Records excerpted from a collection:
-.-.-

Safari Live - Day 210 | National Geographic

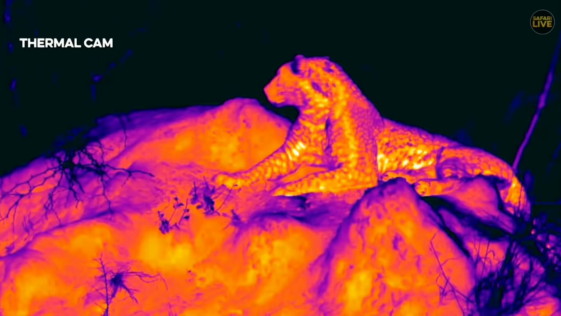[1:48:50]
right now I believe that our flare image looks very cool as he sits on top of the mound as he graces us with his kind of beauty and you can see how hot he is as well as how the termite mound is it's pretty cool to actually see it the way that he is sitting up there and you can see that there are parts of the termite mound the exterior parts that are a little bit cold but otherwise his rosettes very very hot and the termite mound very hot the rest of the bush around him cold so it gives you an idea of just how hot the termite
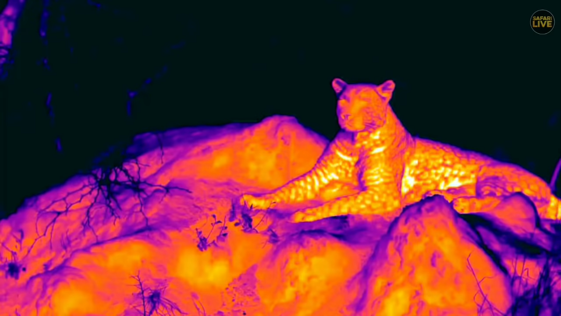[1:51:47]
very cool to see amazing isn't it this flare is the most amazing camera it really has saved our bacon in many respects so I know it sounds funny but over the course of the past few
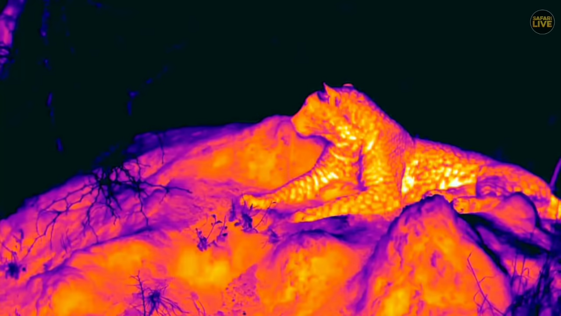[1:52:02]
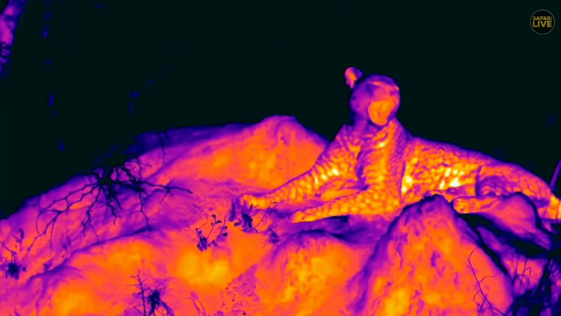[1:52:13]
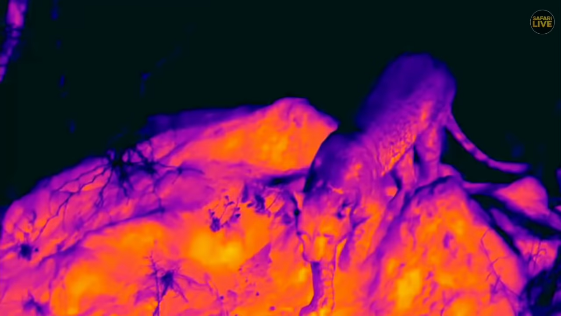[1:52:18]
an infection or because it's lacking insulation of the fur itself and so that's why you're seeing that hot spot kind of glowing the
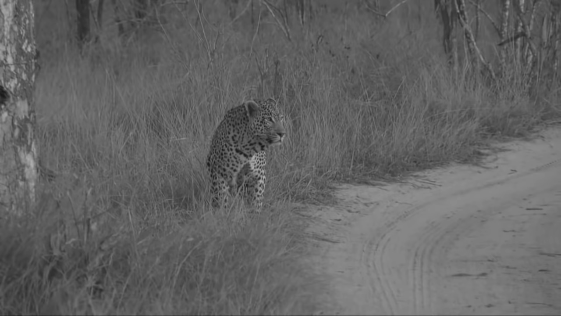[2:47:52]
yes well we have switched over to the infrared spectrum and the infrared light and here is the Duke he's just done some scent marking and maybe he needed a little bit more of maybe number two at the same time we managed to get around him and he should come wandering down the road towards us hang on one second he is still on the road still mobile north
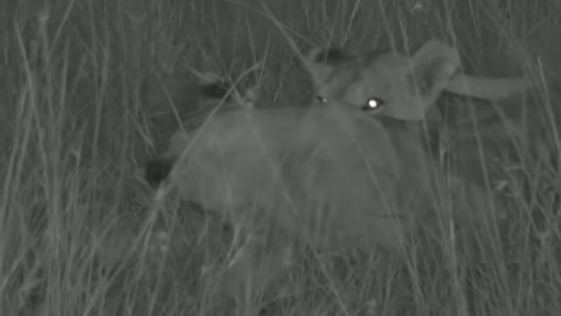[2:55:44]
well the marsh parade continue to give us lots of joy and look at a mother and a youngster there just rattling and having some good fun I think he's one mother and two cubs and you can tell now we're in infrared it's getting dark and we'll always do the best we can not to interfere with their natural living style and not shining light
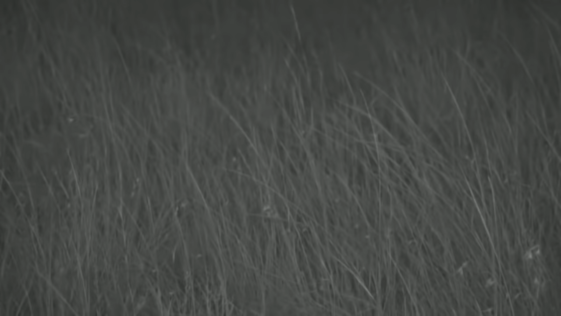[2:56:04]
or spotlights on their faces and look at how beautiful that is and the magic of infrared
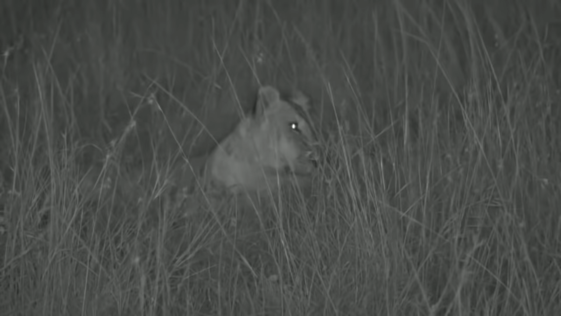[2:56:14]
that's the mother there you rise up hello there good Ellie you only got two cubs
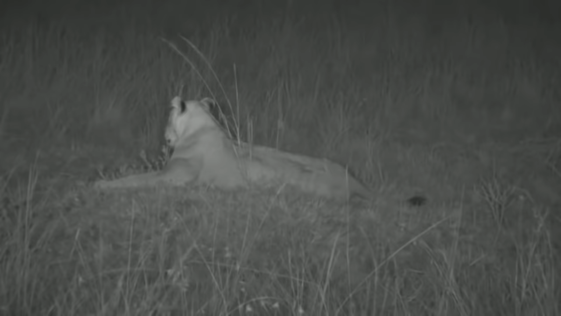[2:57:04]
and the mama has decided to go on the mountain mount and I'm sure the cubs would slowly and surely follow her hello there why is your brother or sister they rise up and maybe going to join the other predriso earlier Rosaline depending on the edge of the lion is
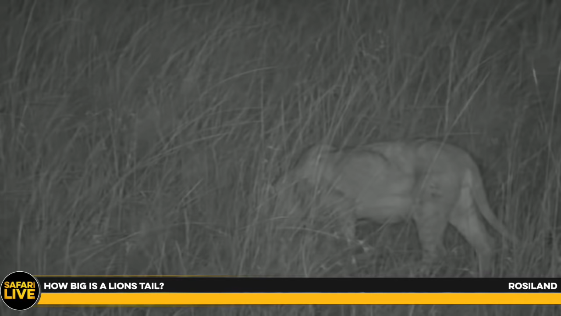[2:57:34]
anything three to four feet depending on the edge of the lion that's an average length of lion tail of course this small little guy here could be about foot and something
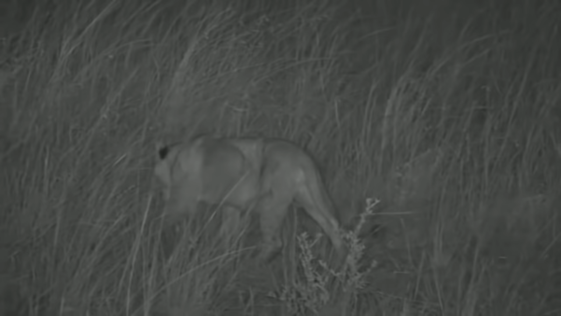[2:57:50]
but the big ones you know fully grown could be three going up to four feet you know max on the fully grown ones just walking the grass there and this is exactly what I was saying earlier as it cools off the cats tend to be more active and more so lions
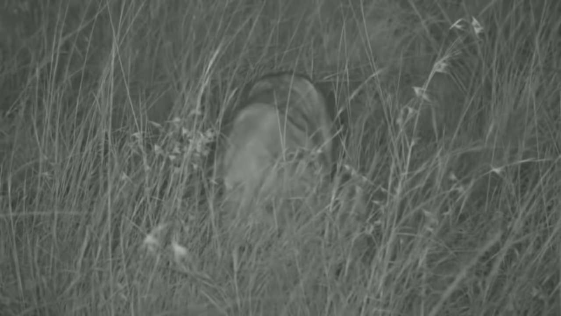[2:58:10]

-.-.-

ABOUT THIS TASK:
Every entry belongs in the answer exactly as written, but no picture does.

RESPONSE:
Safari Live - Day 210 | National Geographic

[1:48:50]
right now I believe that our flare image looks very cool as he sits on top of the mound as he graces us with his kind of beauty and you can see how hot he is as well as how the termite mound is it's pretty cool to actually see it the way that he is sitting up there and you can see that there are parts of the termite mound the exterior parts that are a little bit cold but otherwise his rosettes very very hot and the termite mound very hot the rest of the bush around him cold so it gives you an idea of just how hot the termite
[1:51:47]
very cool to see amazing isn't it this flare is the most amazing camera it really has saved our bacon in many respects so I know it sounds funny but over the course of the past few
[1:52:02]
[1:52:13]
[1:52:18]
an infection or because it's lacking insulation of the fur itself and so that's why you're seeing that hot spot kind of glowing the
[2:47:52]
yes well we have switched over to the infrared spectrum and the infrared light and here is the Duke he's just done some scent marking and maybe he needed a little bit more of maybe number two at the same time we managed to get around him and he should come wandering down the road towards us hang on one second he is still on the road still mobile north
[2:55:44]
well the marsh parade continue to give us lots of joy and look at a mother and a youngster there just rattling and having some good fun I think he's one mother and two cubs and you can tell now we're in infrared it's getting dark and we'll always do the best we can not to interfere with their natural living style and not shining light
[2:56:04]
or spotlights on their faces and look at how beautiful that is and the magic of infrared
[2:56:14]
that's the mother there you rise up hello there good Ellie you only got two cubs
[2:57:04]
and the mama has decided to go on the mountain mount and I'm sure the cubs would slowly and surely follow her hello there why is your brother or sister they rise up and maybe going to join the other predriso earlier Rosaline depending on the edge of the lion is
[2:57:34]
anything three to four feet depending on the edge of the lion that's an average length of lion tail of course this small little guy here could be about foot and something
[2:57:50]
but the big ones you know fully grown could be three going up to four feet you know max on the fully grown ones just walking the grass there and this is exactly what I was saying earlier as it cools off the cats tend to be more active and more so lions
[2:58:10]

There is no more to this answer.